Two-centre retrospective cohort study of patients presenting from 2003-2023 with anti-GBM disease treated with or without RTX, in addition to standard care, as first-line therapy.

Results

Seventy-eight patients are included; baseline demographics, disease characteristics, treatments and outcomes are summarised in Table 1. All patients were treated with PEX, CYC (oral or IV), and steroids. The addition of RTX treatment was associated with non-significant trends to reduced number of PEX (10 versus 14 with no RTX, p=0.30) and lower total CYC dose (3.3g versus 3.6g, p=0.78), with reduced time to anti-GBM negativity (2.1 versus 3.5 months with no RTX, p=0.67).
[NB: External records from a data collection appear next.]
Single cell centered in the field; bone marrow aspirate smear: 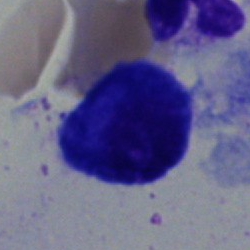

Morphology consistent with a plasma cell.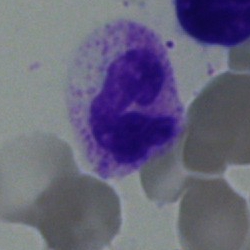

Stab cell.
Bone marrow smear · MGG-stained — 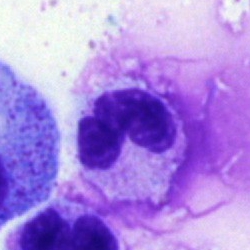

Polymorphonuclear neutrophil.
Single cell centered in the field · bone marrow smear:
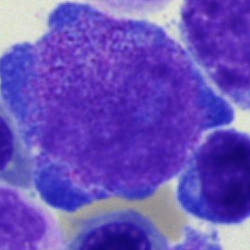This is a progranulocyte.
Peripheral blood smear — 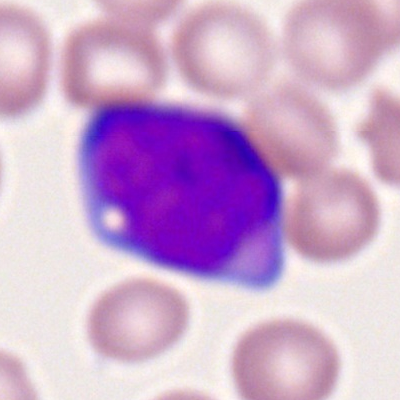
Impression → myeloblast.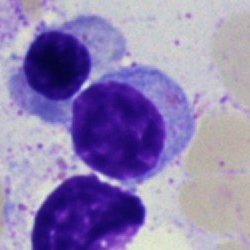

In the Cox-proportional hazards regression model incorporating age, sex, ANCA status, dialysis need at presentation, lung haemorrhage, CYC and RTX treatment, increasing age was associated with risk of death (HR 1.07 [95% CI 1.01-1.17]) and risk of infection (HR 1.03 [95% CI 1.00-1.06]). Dialysis need at presentation was associated with ESKD-risk (HR 0.05 [95% CI 0.01-0.14]). The addition of rituximab was not significantly associated with risk of death (HR 1.45 [0.38-6.93]), ESKD (HR 0.97 [0.50-1.91]) or infection 0.48 [0.23-1.02].

Conclusion

Addition of RTX to standard treatment for anti-GBM disease was not associated with improved renal or overall survival. However, RTX use permitted lower cumulative doses of CYC and reduction in the number of PEX, without an increased risk of infection. RTX may have a role as a CYC- and PEX-sparing treatment in patients with anti-GBM disease.